With the DOJ’s victory in Coscia, and after more than three years of heightened civil enforcement by the exchanges and CFTC, expect aggressive enforcement of the anti-spoofing provisions to increase. To this end, the CFTC filed a civil complaint in April 2015 against London-based high-frequency trader Navinder Sarao and his firm, Nav Sarao Futures Ltd. The agency alleges Sarao manipulated the CME’s E-mini S&P 500 futures contract by placing—and then promptly canceling or modifying just before execution—hundreds of thousands of “exceptionally large” trades. The agency further alleges that Sarao helped to cause the “flash crash” of 2010. In addition, on Oct. 19, 2015, the CFTC filed suit against Chicago-based trader Igor Oystacher and his firm 3Red Trading LLC on charges of spoofing. The complaint alleges that Oystacher and his firm carried out more than 5,000 spoof orders from December 2011 to January 2014, involving nearly 360,000 underlying contracts—orders that were usually canceled in less than a second.
With Coscia and the CFTC’s earlier guidance in mind, it is prudent for traders to review their trading strategies and algorithms.

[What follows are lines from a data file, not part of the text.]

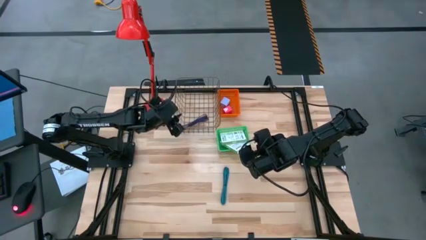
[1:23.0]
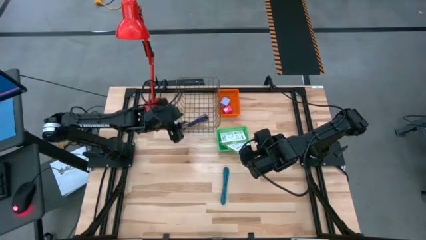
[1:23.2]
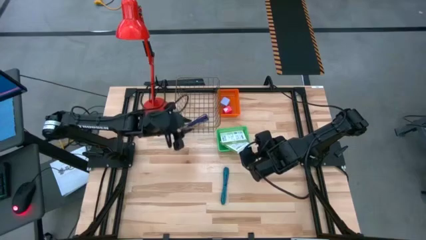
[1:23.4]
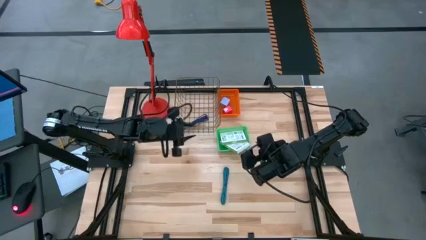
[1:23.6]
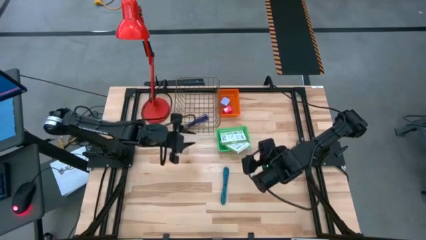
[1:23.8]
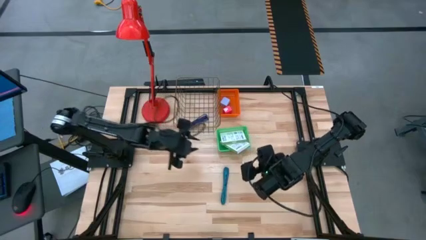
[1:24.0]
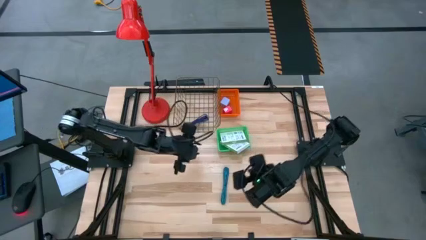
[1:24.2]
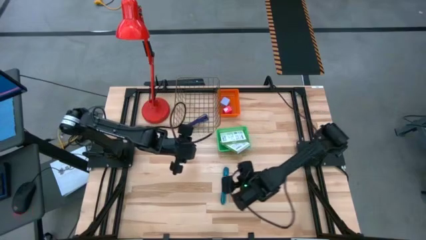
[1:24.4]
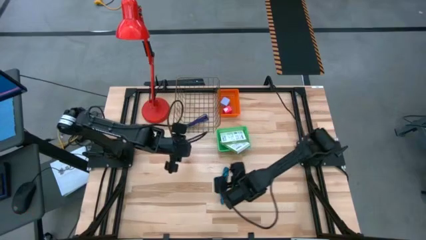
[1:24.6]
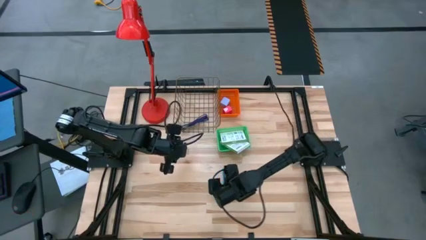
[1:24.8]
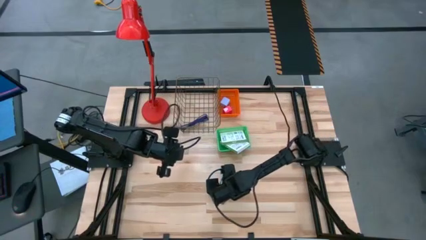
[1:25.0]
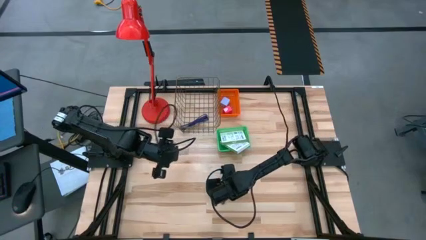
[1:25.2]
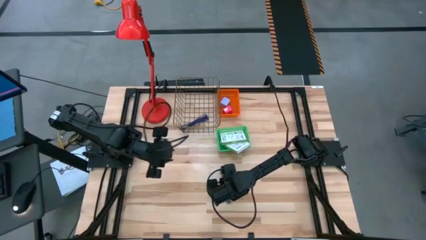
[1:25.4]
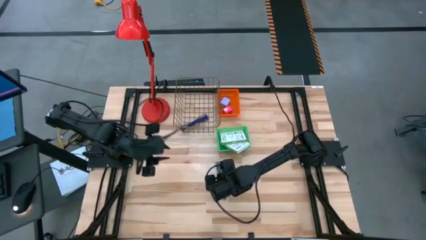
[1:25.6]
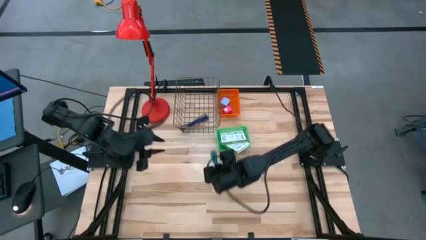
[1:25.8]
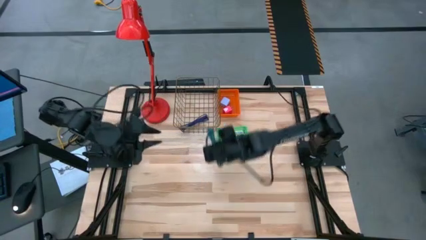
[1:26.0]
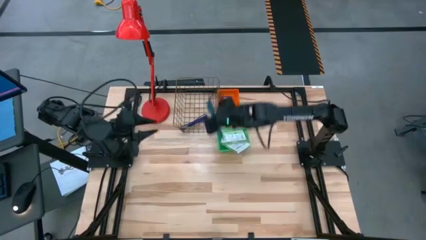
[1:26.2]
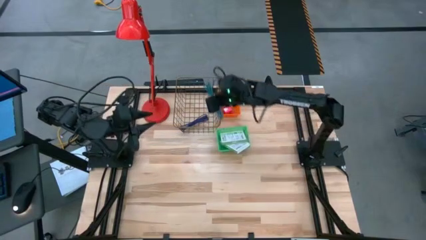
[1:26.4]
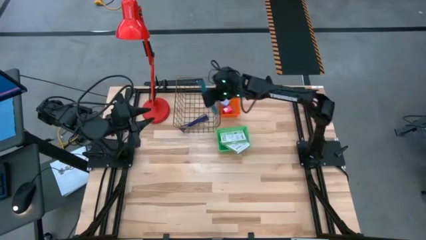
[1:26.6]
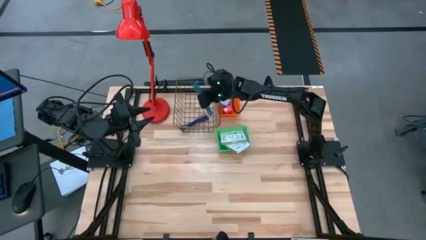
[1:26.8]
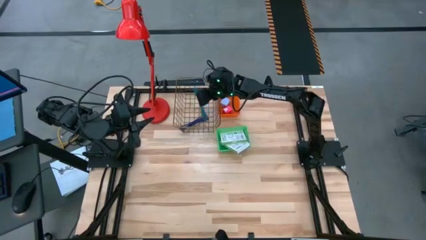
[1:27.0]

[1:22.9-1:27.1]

Firms should consider the following factors when evaluating if their trading strategies and algorithms lead to higher cancellation rates:
- Do trading algorithms call for cancellation of bids and offers in all cases, even when prices move in a favorable direction?
- Are cancellation rates of bids and offers meaningfully higher during contract closing periods?
- Are there differences between fill rates for large vs. small orders?
- Is there a potential connection between cancellation activity and market prices?
- Are cancellations driven by trading in other markets (such as where a strategy is pursued through both the futures markets and the securities markets)?
Firms should also be mindful of order-fill rates generally and have a legitimate rationale for all orders and cancellations. Indeed, firms should evaluate any coding instructions or other computer programming direction to ensure there is a legitimate rationale for the instructions. Finally, traders should be aware of the aggressive push by civil and criminal authorities, often working in tandem and with overseas regulators, in this emerging area of enforcement.